I have a problem for obtain the frequency of oscillations with Fourier,

For example if I have

tf = 60;
NN = (tf + 1)/0.001;
dt = tf/NN;
data = Table[Sin[t], {t, 0., tf, 0.001}];
fft = Fourier[data];
peak1 = First[Position[Abs[fft], Max[Abs[fft]]]];


The frequency is obtained would be $$2\pi k/ N dt$$, where k is the position of the first peak. If I evaluate this expression I do not obtain the frequency.
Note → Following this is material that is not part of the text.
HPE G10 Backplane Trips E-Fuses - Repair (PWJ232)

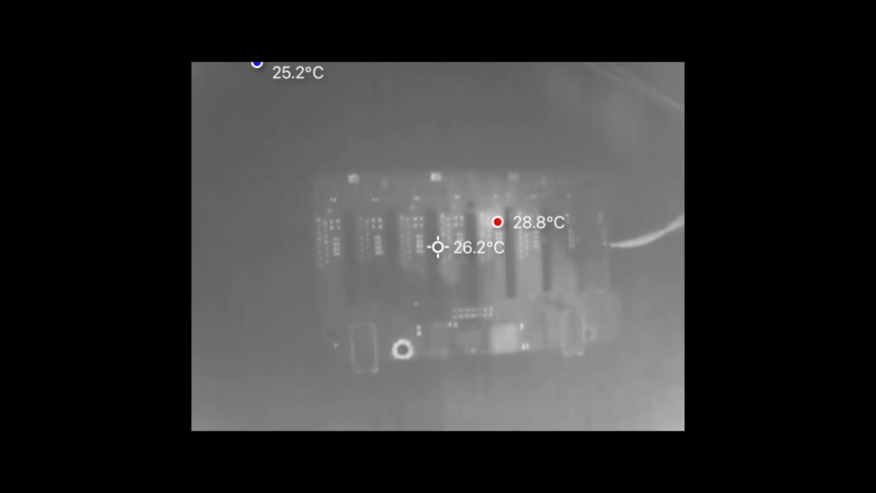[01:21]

• There's a factor of 2 Pi in formula for Fourier. Shouldn't the frequency be (peak1 -1)/tf? Jul 31, 2020 at 11:43
• Why did you set up NN and dt if you never use them on line 4? Also your Sin[t] should be Sin[2 pi f] for frequency f. You also need to take a look at the FourierParameters option of Fourier and finally, you should account for your sampling rate too. Jul 31, 2020 at 12:02
• See the "Applications" section of the docs of Fourier for an example of how to determine the frequency. The shortcoming of that example is that it uses a dt (or dx) of 1, and doesn't show how to modify the various steps. However, it's not hard to figure out. Jul 31, 2020 at 12:03

OP's apparent intention:

tf = 60;
NN = (tf)/0.001;
dt = tf/NN;
data = Table[Sin[t], {t, 0., tf, 0.001}];
fft = Fourier[data];
peak1 = First@First[Position[Abs[fft], Max[Abs[fft]]]]
freq = (peak1 - 1)/tf

(*
11
0.166667
*)


It's closest estimate possible, since the adjacent estimates have a larger error:

1/(2 Pi) - (peak1 - {0, 1, 2})/tf // N

(*  {-0.0241784, -0.00751172, 0.00915494}  *)


Here is the method from the docs for Fourier (under "Applications"), which uses a more sophisticated approach:

Min[TakeLargest[Abs@fft, 2]];
peaks = Position[Abs[fft], x_ /; x >= %];
pos = First@First[peaks]

(*  11  *)

n = Length@fft;
fr = Abs[Fourier[data*Exp[2 Pi I (pos - 2) N[Range[0, n - 1]]/n],
FourierParameters -> {0, 2/n}]];
frpos = Position[fr, Max[fr]][[1, 1]];

period = N[n/(pos - 2 + 2 (frpos - 1)/n)] dt

(*  6.29278  *)

frequency = 1/period
1./(2 Pi)

(*
0.158912
0.159155
*)